>>>>
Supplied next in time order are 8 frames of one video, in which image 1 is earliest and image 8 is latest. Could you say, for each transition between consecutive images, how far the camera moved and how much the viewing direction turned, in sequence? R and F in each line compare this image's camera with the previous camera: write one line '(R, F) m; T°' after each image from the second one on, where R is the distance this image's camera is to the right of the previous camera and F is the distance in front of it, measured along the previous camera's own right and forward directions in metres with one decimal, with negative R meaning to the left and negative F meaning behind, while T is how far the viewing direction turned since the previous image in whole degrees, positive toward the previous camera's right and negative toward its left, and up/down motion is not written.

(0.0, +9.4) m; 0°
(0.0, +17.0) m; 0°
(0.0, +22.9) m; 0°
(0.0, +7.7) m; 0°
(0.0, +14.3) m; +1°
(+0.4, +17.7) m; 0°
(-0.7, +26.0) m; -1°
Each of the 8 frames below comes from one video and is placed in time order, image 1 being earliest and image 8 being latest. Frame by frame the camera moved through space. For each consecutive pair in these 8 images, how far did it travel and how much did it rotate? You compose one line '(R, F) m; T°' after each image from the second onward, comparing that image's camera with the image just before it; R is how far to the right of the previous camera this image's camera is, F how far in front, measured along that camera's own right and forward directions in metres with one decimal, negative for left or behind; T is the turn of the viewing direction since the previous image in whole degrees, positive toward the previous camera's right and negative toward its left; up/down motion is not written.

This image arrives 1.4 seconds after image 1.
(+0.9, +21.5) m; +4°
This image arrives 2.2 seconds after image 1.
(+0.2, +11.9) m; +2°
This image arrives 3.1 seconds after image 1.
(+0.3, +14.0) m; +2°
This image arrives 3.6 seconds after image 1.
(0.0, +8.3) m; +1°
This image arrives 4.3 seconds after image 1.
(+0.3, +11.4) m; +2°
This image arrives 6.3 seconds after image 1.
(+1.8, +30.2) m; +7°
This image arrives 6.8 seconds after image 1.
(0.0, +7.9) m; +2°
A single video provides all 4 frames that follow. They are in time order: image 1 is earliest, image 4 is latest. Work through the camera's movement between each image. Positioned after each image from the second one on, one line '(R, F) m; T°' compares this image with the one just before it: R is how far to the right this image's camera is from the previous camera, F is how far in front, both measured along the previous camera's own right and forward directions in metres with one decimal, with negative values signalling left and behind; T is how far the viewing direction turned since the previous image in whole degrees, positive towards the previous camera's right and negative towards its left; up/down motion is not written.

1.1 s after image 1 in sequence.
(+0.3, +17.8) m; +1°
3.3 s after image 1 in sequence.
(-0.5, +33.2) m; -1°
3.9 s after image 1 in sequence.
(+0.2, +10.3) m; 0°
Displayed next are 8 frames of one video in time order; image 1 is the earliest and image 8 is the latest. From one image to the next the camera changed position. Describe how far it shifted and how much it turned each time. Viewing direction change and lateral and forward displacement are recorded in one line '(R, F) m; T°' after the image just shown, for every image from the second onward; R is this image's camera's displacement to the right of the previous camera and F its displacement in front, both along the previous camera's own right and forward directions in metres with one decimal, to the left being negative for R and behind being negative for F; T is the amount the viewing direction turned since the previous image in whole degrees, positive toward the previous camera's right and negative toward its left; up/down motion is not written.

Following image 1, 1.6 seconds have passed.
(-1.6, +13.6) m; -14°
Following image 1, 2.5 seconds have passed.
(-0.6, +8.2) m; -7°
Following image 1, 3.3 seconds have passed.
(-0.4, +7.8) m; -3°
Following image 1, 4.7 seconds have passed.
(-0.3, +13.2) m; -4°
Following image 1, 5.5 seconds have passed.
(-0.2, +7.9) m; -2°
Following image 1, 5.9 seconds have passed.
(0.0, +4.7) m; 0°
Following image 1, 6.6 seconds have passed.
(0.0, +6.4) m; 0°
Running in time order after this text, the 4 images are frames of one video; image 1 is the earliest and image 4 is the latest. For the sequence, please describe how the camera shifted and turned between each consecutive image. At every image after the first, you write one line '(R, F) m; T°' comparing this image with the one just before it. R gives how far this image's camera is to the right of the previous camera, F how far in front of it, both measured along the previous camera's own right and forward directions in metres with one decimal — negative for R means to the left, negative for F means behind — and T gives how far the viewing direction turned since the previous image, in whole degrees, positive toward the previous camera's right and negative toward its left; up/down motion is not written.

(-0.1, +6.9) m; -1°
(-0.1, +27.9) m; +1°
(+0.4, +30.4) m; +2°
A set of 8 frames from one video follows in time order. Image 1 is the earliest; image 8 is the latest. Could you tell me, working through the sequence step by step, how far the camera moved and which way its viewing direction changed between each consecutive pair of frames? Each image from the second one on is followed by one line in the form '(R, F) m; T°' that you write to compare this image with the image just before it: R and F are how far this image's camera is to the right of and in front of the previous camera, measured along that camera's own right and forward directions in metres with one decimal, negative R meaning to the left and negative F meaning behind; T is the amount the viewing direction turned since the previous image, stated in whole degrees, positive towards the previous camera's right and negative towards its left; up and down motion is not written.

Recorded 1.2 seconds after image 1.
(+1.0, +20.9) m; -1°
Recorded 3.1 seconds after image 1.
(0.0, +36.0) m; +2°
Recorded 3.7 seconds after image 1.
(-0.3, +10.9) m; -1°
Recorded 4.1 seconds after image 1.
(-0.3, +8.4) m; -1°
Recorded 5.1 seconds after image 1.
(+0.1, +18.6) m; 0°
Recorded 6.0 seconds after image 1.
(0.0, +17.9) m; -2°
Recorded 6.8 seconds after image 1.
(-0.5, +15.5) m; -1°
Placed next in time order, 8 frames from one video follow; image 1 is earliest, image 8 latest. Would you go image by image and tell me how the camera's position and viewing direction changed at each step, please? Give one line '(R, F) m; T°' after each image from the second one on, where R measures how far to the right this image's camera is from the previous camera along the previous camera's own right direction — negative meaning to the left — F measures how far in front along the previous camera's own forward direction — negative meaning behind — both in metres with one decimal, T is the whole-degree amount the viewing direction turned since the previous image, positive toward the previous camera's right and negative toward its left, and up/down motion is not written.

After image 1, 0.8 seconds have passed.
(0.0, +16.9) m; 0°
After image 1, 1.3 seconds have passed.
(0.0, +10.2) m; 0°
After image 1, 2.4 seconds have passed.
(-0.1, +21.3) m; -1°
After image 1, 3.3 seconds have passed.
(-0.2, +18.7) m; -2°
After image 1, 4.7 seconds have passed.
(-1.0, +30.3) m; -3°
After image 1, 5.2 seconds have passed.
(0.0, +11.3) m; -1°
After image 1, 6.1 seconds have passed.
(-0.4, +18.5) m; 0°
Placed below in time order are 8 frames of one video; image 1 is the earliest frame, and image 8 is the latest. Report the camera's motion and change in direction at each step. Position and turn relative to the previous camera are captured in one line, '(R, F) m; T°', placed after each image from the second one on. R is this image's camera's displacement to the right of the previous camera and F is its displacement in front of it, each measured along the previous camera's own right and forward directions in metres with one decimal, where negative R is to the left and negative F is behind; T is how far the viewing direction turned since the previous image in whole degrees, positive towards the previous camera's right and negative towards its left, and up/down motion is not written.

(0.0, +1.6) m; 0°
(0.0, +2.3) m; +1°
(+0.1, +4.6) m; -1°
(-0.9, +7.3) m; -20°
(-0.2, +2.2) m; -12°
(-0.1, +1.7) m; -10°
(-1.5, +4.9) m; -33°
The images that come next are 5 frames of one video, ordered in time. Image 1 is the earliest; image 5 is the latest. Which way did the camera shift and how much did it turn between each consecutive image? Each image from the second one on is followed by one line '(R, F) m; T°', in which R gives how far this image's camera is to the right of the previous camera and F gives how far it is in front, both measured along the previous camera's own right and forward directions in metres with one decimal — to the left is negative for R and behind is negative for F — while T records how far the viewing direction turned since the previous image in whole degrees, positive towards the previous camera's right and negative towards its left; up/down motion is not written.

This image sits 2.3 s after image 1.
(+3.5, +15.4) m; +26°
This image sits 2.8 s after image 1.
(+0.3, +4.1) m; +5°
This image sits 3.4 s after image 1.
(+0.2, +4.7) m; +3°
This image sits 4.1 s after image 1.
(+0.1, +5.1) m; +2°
<<<<
**Work instructions**:
Output only the lines from the one with "This image sits 2.8 s after image 1." through the last line of the entries above; please keep them exact.

**Task answer**:
This image sits 2.8 s after image 1.
(+0.3, +4.1) m; +5°
This image sits 3.4 s after image 1.
(+0.2, +4.7) m; +3°
This image sits 4.1 s after image 1.
(+0.1, +5.1) m; +2°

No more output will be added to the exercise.